Charles O’Connell, who commanded “artists and repertoire” for RCA Victor from 1930 to 1944, left a book of reminiscences – The Other Side of the Record (1947) – documenting an astute, querulous intellect and a meddlesome ego. It was often O’Connell who decided what music famous conductors, pianists, and violinists might commercially record.

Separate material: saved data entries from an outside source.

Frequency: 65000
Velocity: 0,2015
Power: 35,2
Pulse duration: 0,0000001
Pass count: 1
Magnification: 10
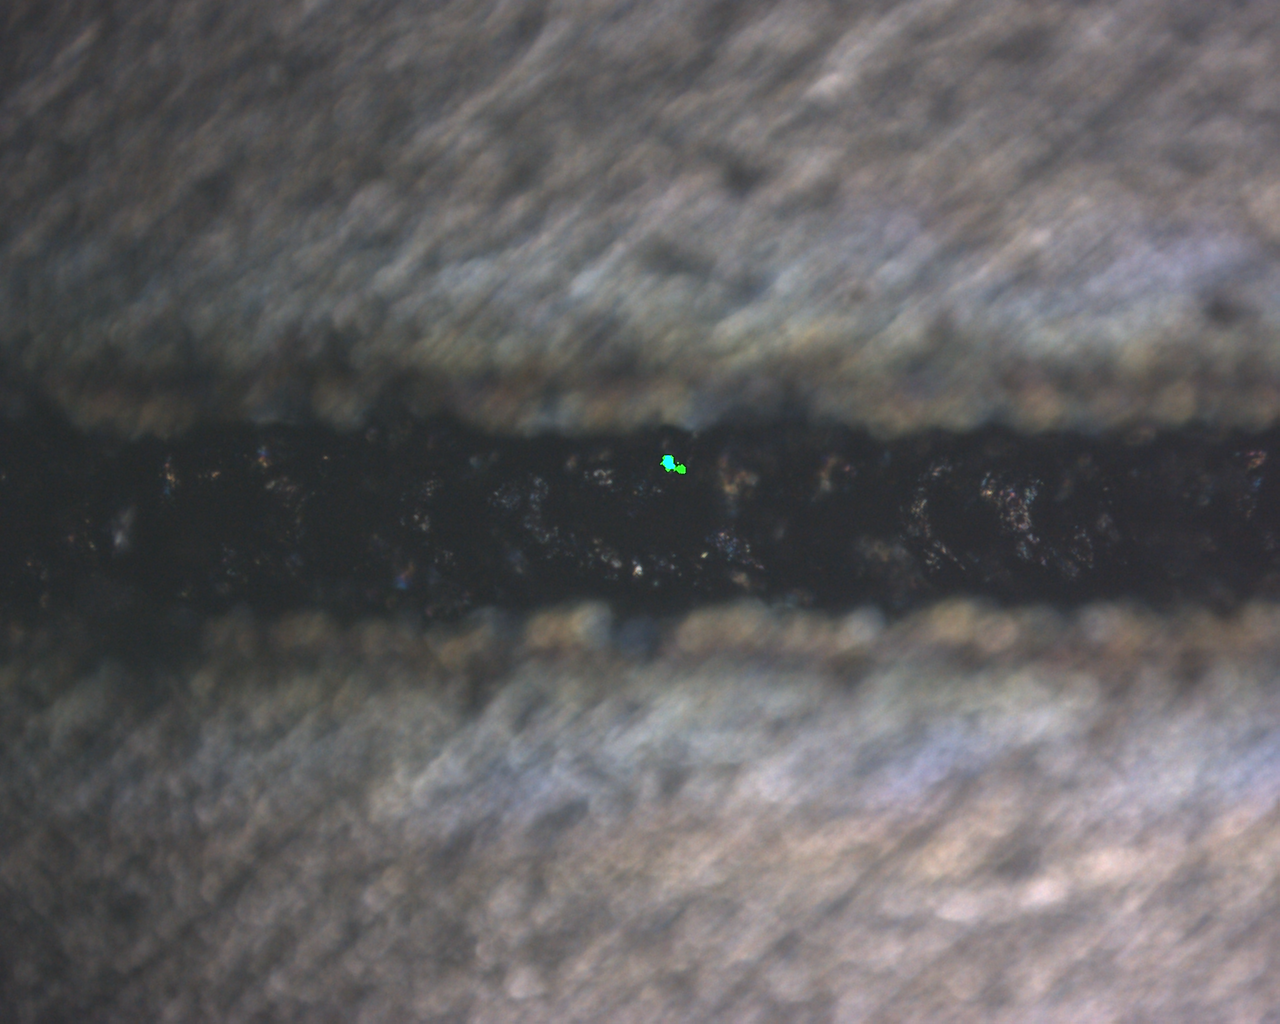
Measured width: 127.814
Other width: 83.75

O’Connell admired Sergei Rachmaninoff – yet only recorded Rachmaninoff in two extended solo piano works: Schumann’s Carnaval and Chopin’s B-flat minor Sonata, both classics of the discography for piano. That is: O’Connell failed to record Rachmaninoff’s esteemed readings of Liszt’s Sonata or Beethoven’s Op. 111. Or of the piece Rachmaninoff considered his supreme compositional achievement: the existential Symphonic Dances. Rachmaninoff was known to play the Symphonic Dances, privately, with his friend Vladimir Horowitz in the two-piano version. We know that he wished to record the Symphonic Dances as a conductor. O’Connell had thrice recorded Rachmaninoff memorably conducting the Philadelphia Orchestra in his own music. But O’Connell lacked enthusiasm for the Symphonic Dances and nothing was done.

All this matters greatly because Rachmaninoff refused to allow his live performances to be broadcast or otherwise recorded. Even though he was a master of musical structure, we have no documentation whatsoever of how he shaped the monumental Beethoven and Liszt pieces he famously purveyed. As important: we don’t know what he sounded like in a real hall with a real audience.

The new Marston 3-CD set “Rachmaninoff Plays Symphonic Dances – the topic of my previous blog – permits a glimpse of this “real” Rachmaninoff: a supreme instrumentalist more emotionally aroused than the one O’Connell managed to capture in sound. Rachmaninoff’s private rendering of his Symphonic Dances, as recorded by Ormandy (probably without the pianist’s knowledge), is an unprecedented opportunity to eavesdrop on Rachmaninoff performing absent the intrusive self-awareness imposed by RCA’s microphones.

This historic release also suggests another impediment to hearing the real Rachmaninoff: Eugene Ormandy himself.

Of the repertoire Rachmaninoff happened to record, only one extended composition embeds the searing nostalgia that was the expressive keynote of this great artist. That is the Piano Concerto No. 3. His 1939-40 recording, with Ormandy, is a dry run. The concerto’s lachrymose intensity is missing.

That it did not have to be is proven by Rachmaninoff’s 1929 recording of a less emotionally fraught composition: the Piano Concerto No. 2. The difference is the conductor, Ormandy’s irreplaceable predecessor in Philadelphia: Leopold Stokowski.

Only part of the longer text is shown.